• [Stored records]:
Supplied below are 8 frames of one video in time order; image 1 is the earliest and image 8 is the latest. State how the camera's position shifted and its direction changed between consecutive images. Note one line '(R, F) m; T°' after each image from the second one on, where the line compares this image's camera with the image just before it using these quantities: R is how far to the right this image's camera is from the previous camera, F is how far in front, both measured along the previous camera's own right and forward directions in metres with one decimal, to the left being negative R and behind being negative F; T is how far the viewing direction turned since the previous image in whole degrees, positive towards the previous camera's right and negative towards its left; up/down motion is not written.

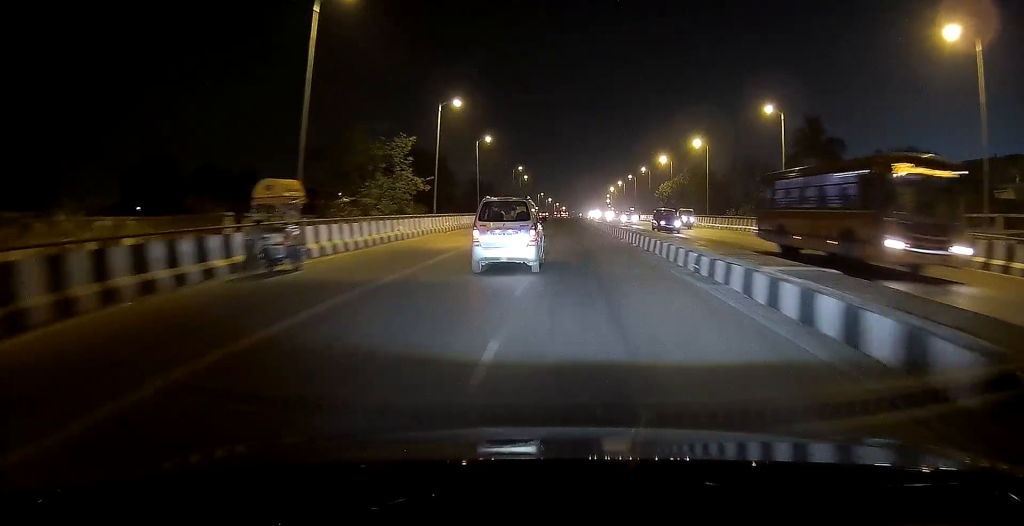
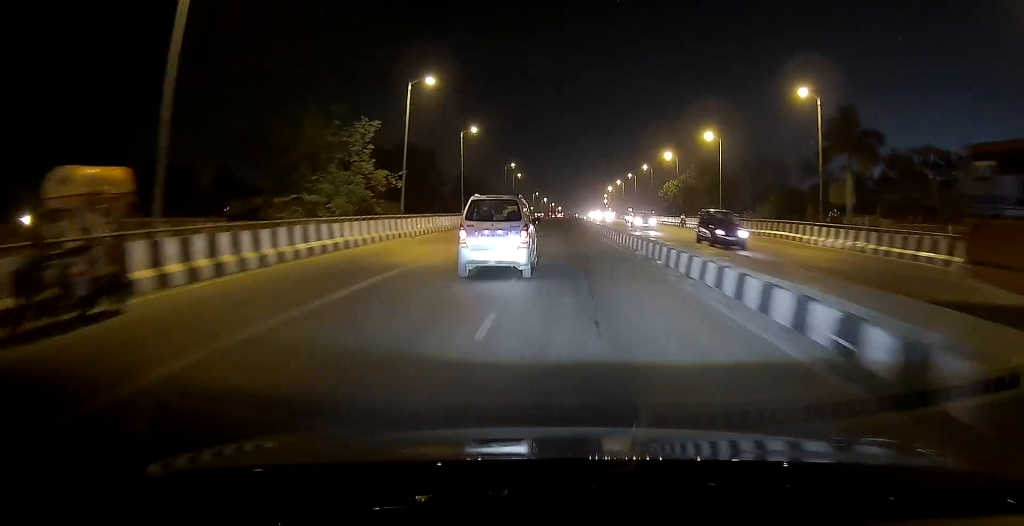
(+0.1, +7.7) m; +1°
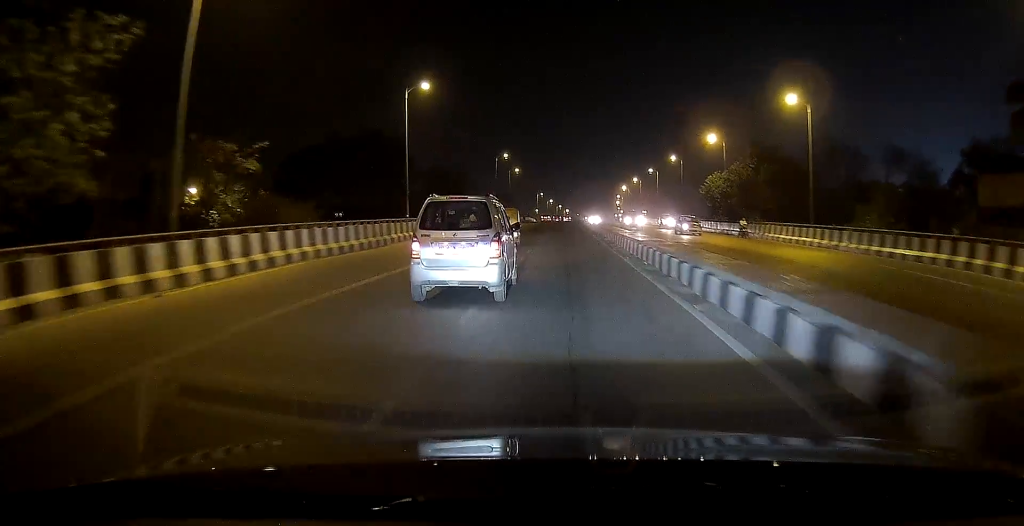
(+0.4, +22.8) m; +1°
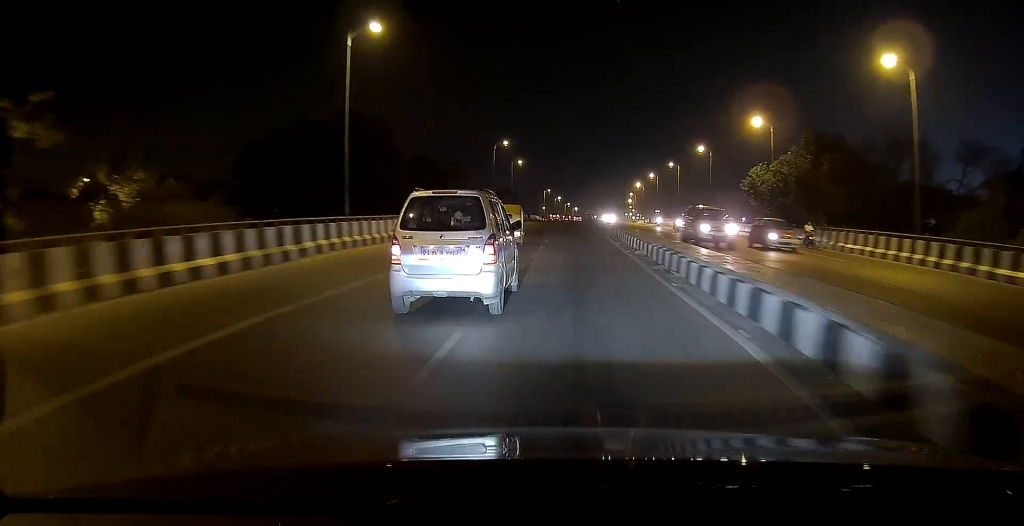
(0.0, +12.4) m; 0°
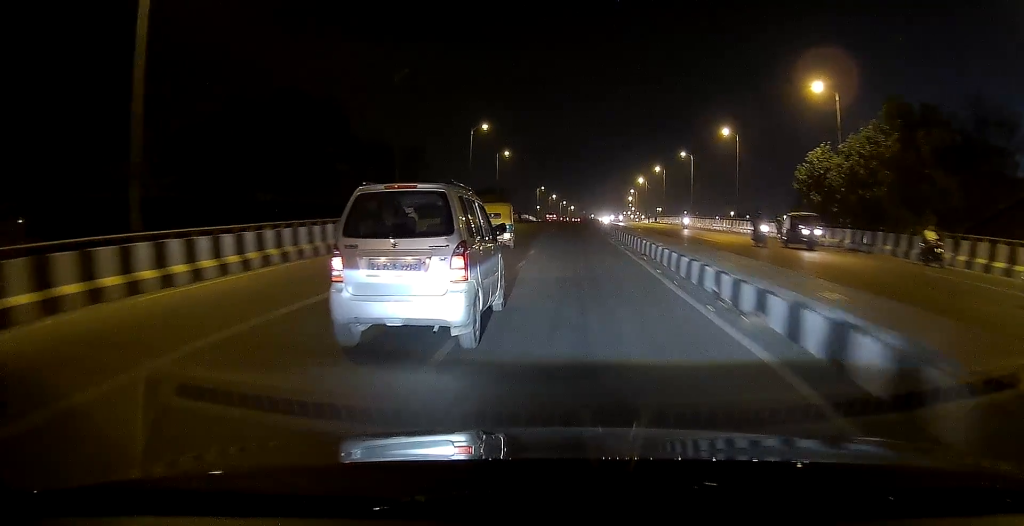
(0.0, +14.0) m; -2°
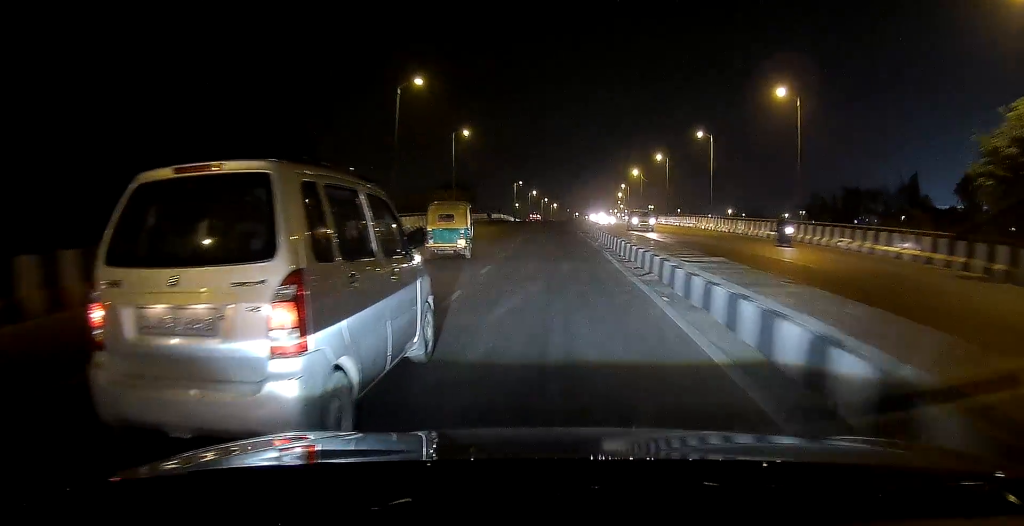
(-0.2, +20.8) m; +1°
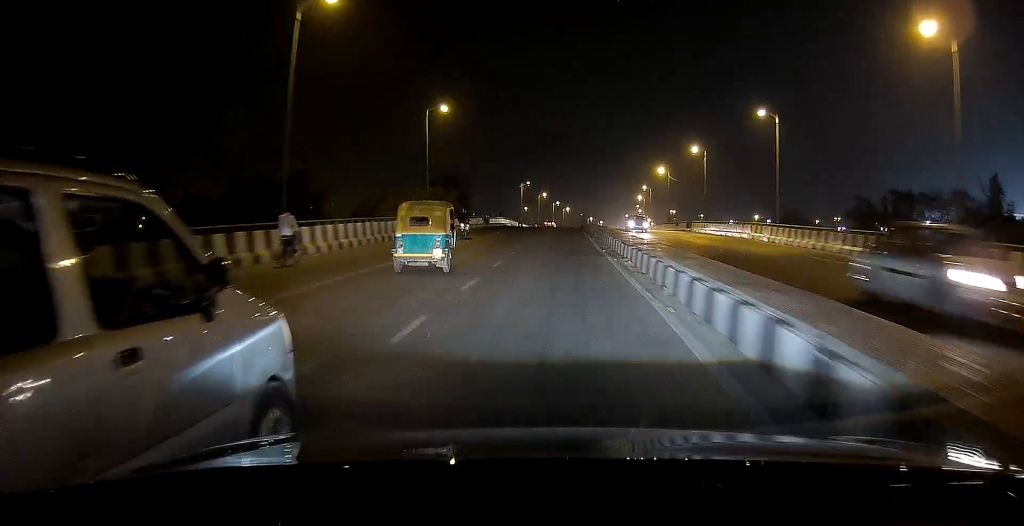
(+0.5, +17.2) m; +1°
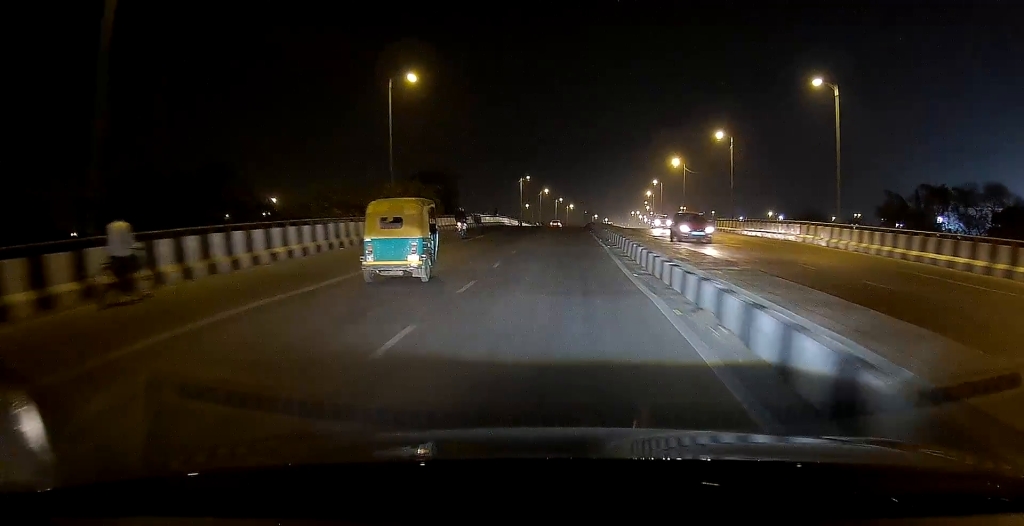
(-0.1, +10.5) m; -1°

• [PROBLEM REQUIREMENTS]:
Excluding the pictures, output every entry above without alteration.

• [SOLVED EXERCISE]:
Supplied below are 8 frames of one video in time order; image 1 is the earliest and image 8 is the latest. State how the camera's position shifted and its direction changed between consecutive images. Note one line '(R, F) m; T°' after each image from the second one on, where the line compares this image's camera with the image just before it using these quantities: R is how far to the right this image's camera is from the previous camera, F is how far in front, both measured along the previous camera's own right and forward directions in metres with one decimal, to the left being negative R and behind being negative F; T is how far the viewing direction turned since the previous image in whole degrees, positive towards the previous camera's right and negative towards its left; up/down motion is not written.

(+0.1, +7.7) m; +1°
(+0.4, +22.8) m; +1°
(0.0, +12.4) m; 0°
(0.0, +14.0) m; -2°
(-0.2, +20.8) m; +1°
(+0.5, +17.2) m; +1°
(-0.1, +10.5) m; -1°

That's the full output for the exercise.